The State charged each of the Petitioners with driving under the influence. Judge Wesley Poole was assigned to Petitionerscases. While the cases were pending, the judge emailed the State Attorney's Office, offering his interpretation of a statute governing pleas in DUI cases. The statute, section 316.656, Florida Statutes (2019) is titled "Mandatory adjudication; prohibition against accepting plea to lesser included offense," and provides:

(1) Notwithstanding the provisions of s. 948.01 [related to probation], no court may suspend, defer, or withhold adjudication of guilt or imposition of sentence for any violation of s. 316.193 [related to DUI], for manslaughter resulting from the operation of a motor vehicle, or for vehicular homicide.
(2)(a) No trial judge may accept a plea of guilty to a lesser offense from a person charged under the provisions of this act who has been given a breath or blood test to determine blood or breath alcohol content, the results of which show a blood or breath alcohol content by weight of 0.15 percent or more.
(b) No trial judge may accept a plea of guilty to a lesser offense from a person charged with a violation of s. 316.193(3), manslaughter resulting from the operation of a motor vehicle, or vehicular homicide.

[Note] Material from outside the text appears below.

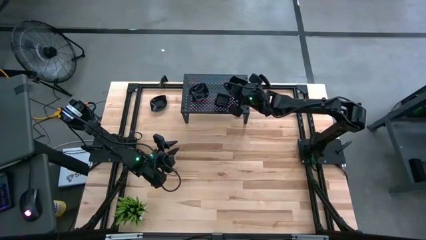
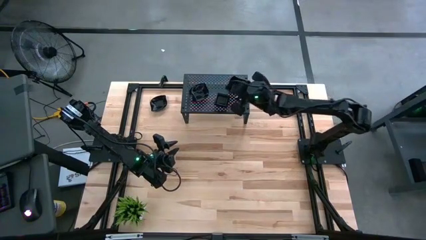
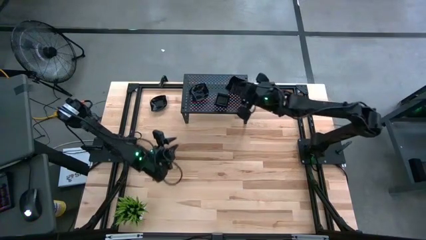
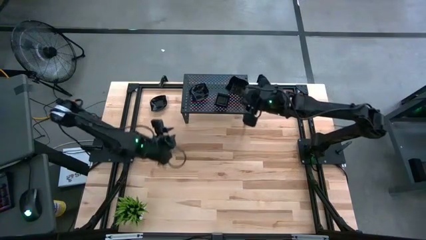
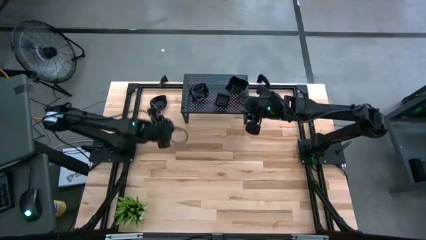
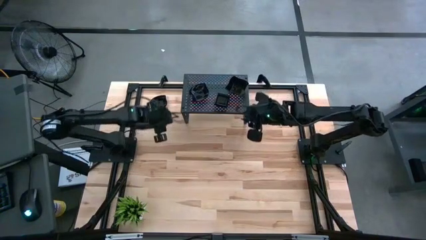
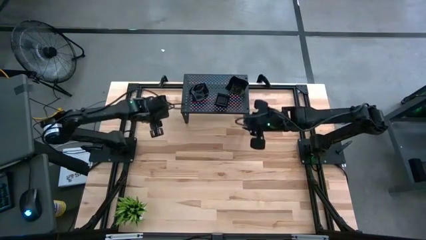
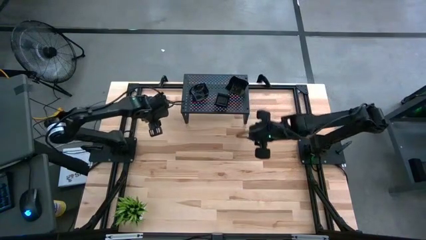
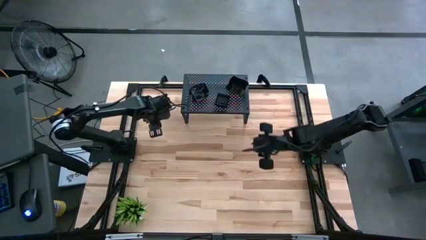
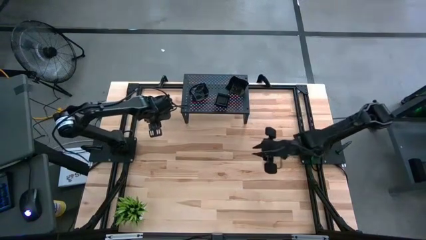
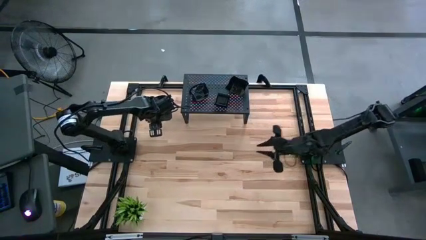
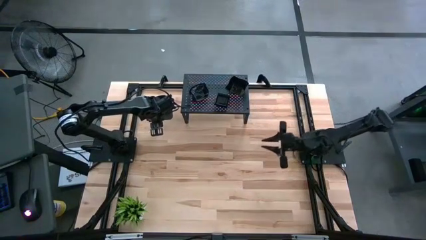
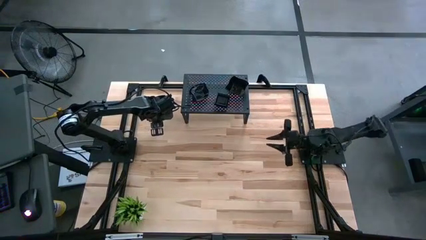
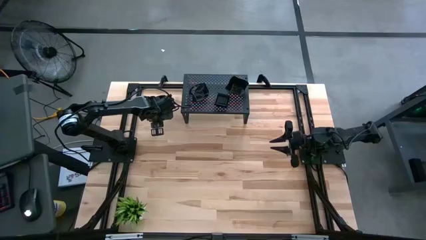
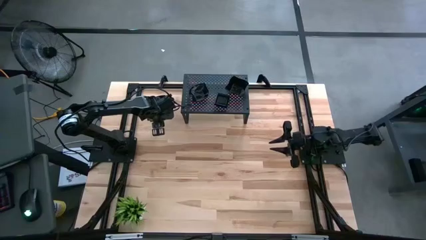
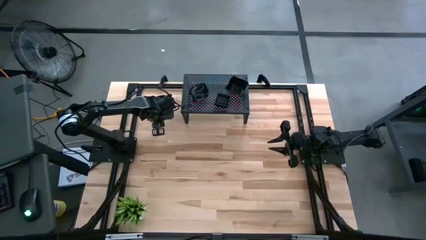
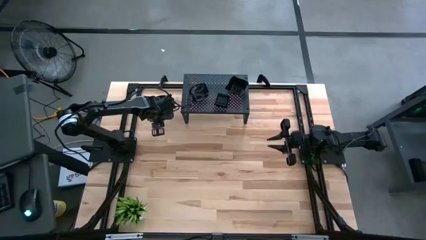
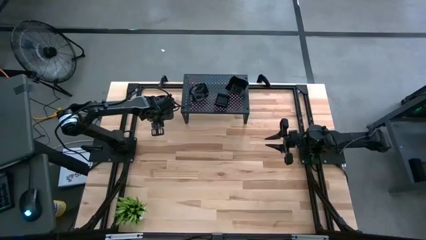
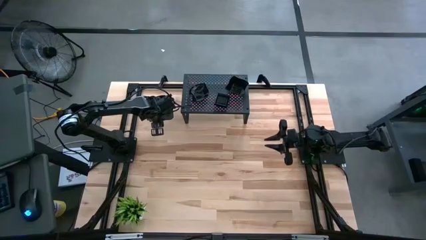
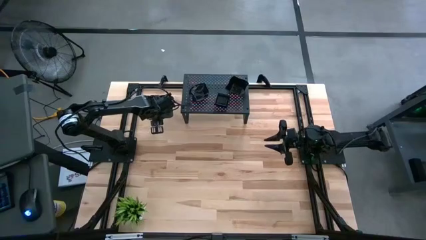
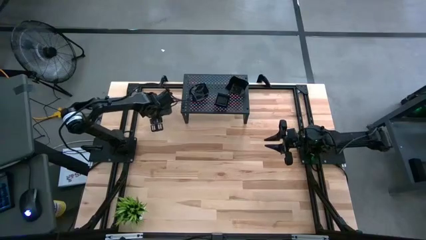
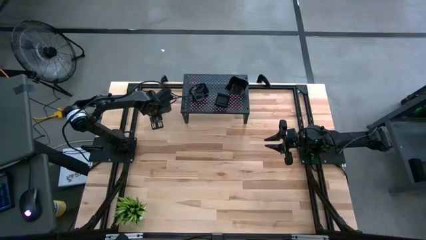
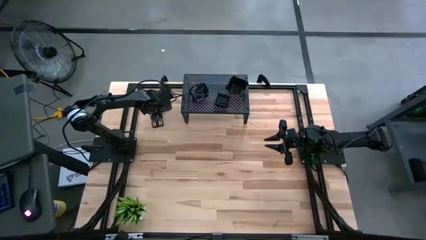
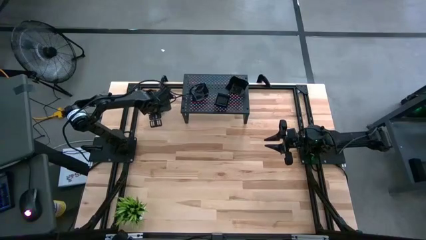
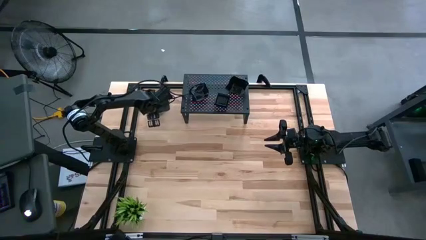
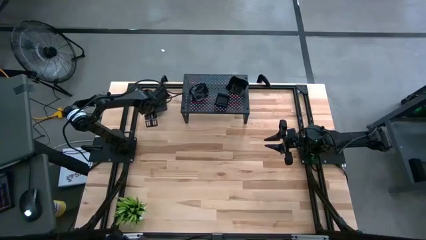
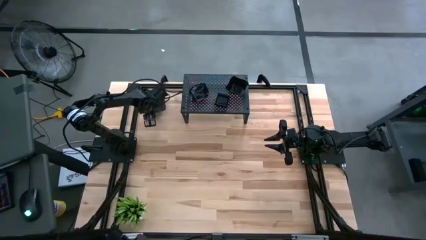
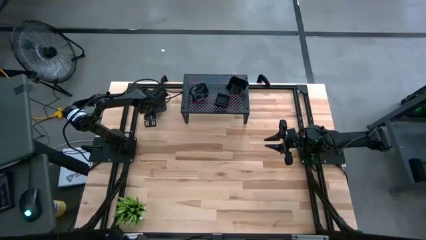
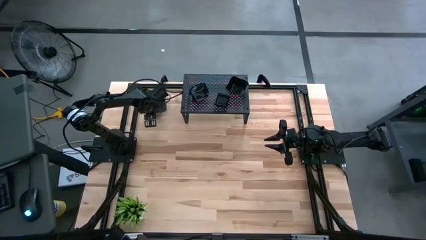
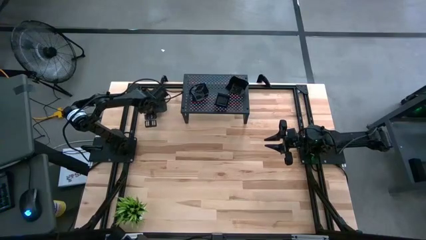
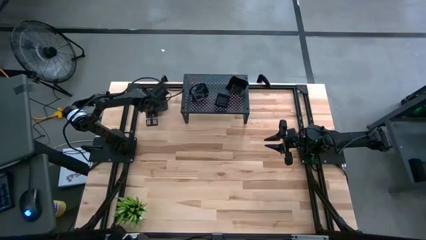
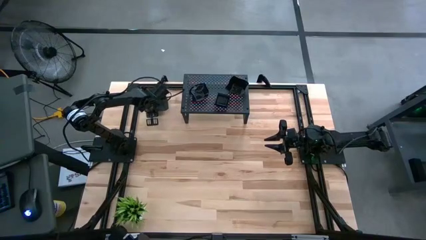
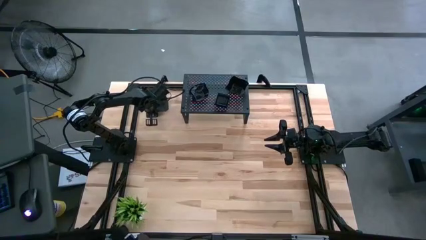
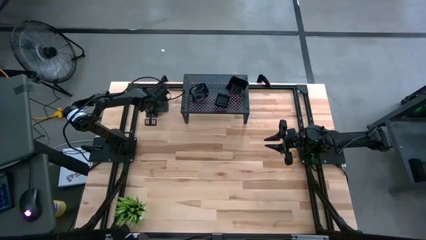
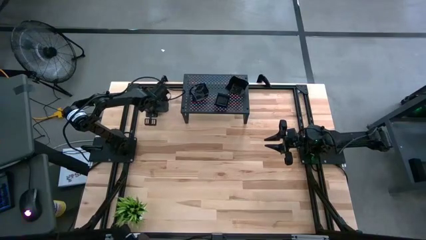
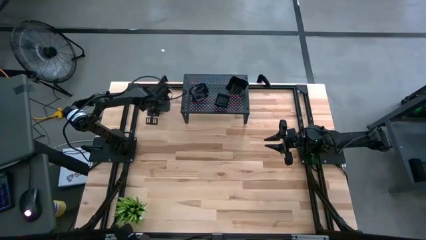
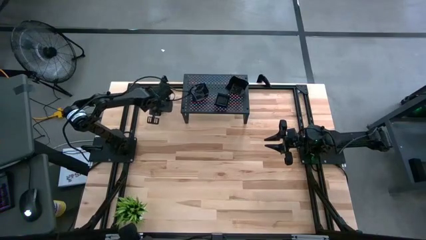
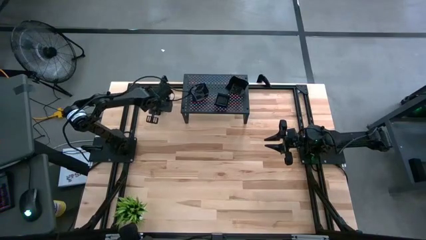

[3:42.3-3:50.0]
Task: Pick & Place Mini shaped plates
Stack the black leaf-shaped plate on top of the black leaf-shaped plate on the shelf

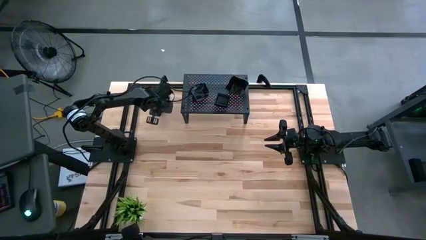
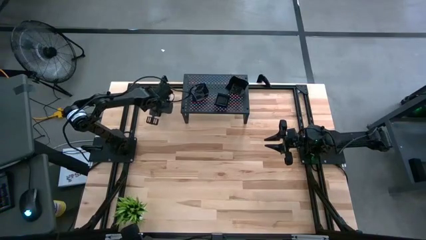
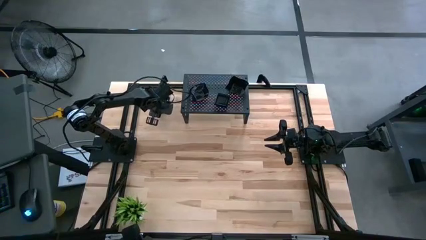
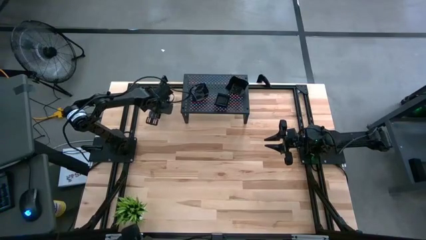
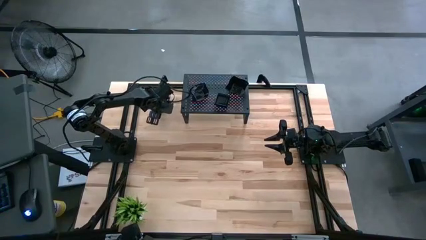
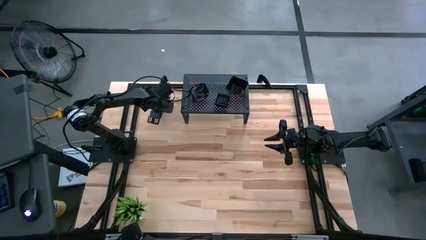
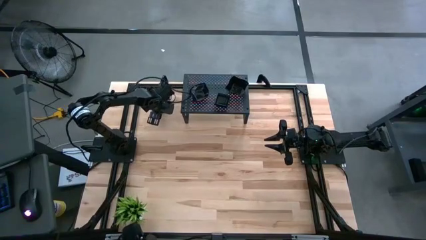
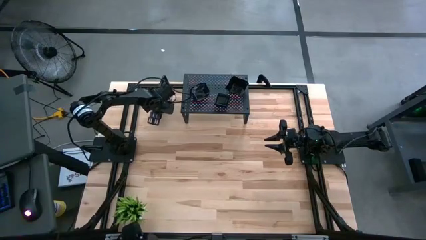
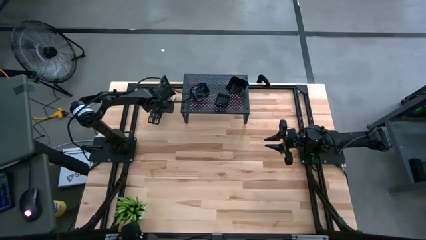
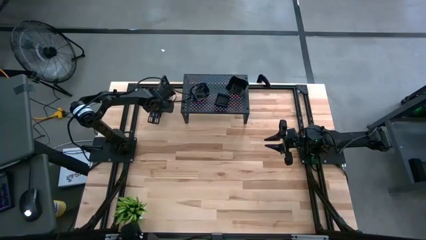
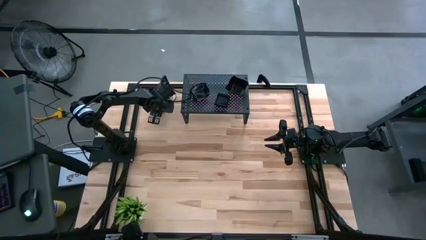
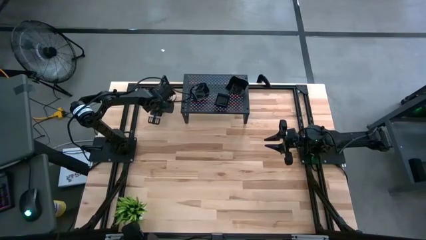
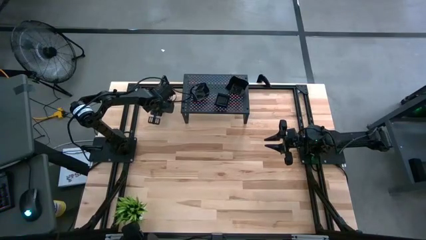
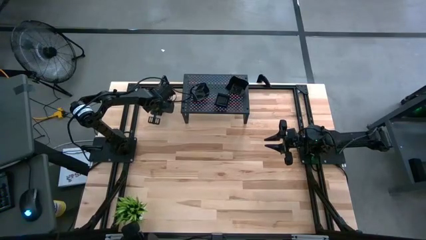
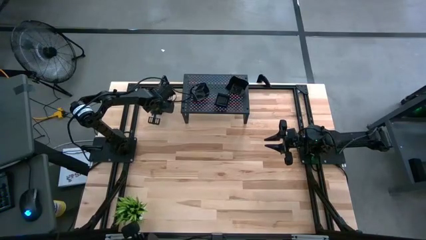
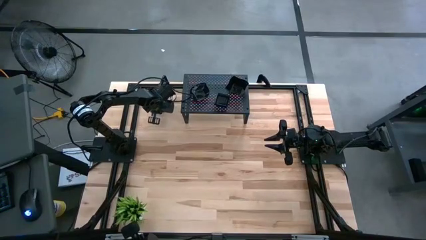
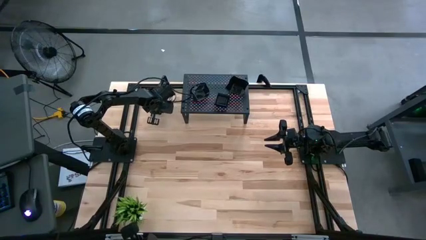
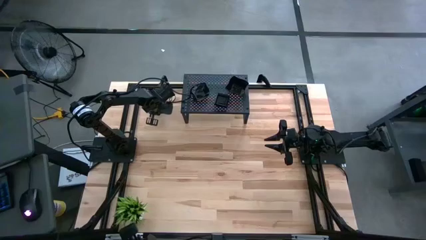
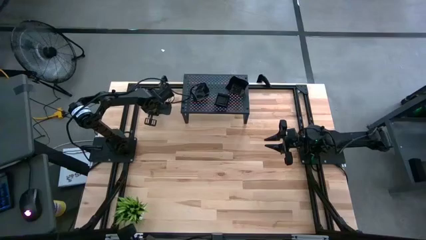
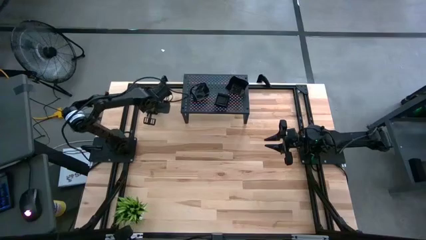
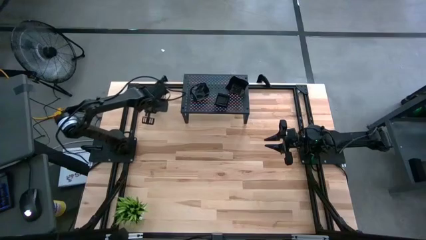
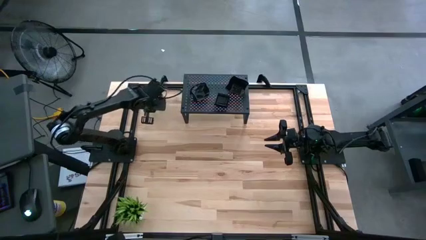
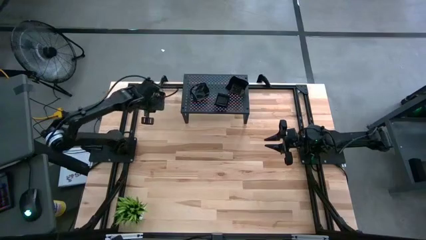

In his email to the State Attorney's Office, Judge Poole shared his view on the limitations the statute places on the court's discretion to accept a plea in a DUI case. He wrote:

Counselors:
For clarification, given our recent discussions regarding Fla. Stat., Section 316.656, it is my interpretation of the statute, that:
1. If the State intends to offer a "breakdown" to reckless driving on a DUI, either while impaired or a BAL > .08 and I would expect that in such case, probation would be required with the standard DUI conditions, except the driver's license suspension.
2. There can be no breakdown of a DUI with a BAL > .15, or DUI with property damages, or injury.
3. There can be no breakdown of a DUI on a CDL (ref: Title 49, Section 384.226, CFR ).
In addition, you may recall from Judge Grube's article, he recommends that public and law enforcement be informed of the SAO's "unpublished" diversion program, to avoid unequal treatment of DUI defendants, and adverse perceptions of law enforcement and decline in the enforcements and prosecution of DUI cases.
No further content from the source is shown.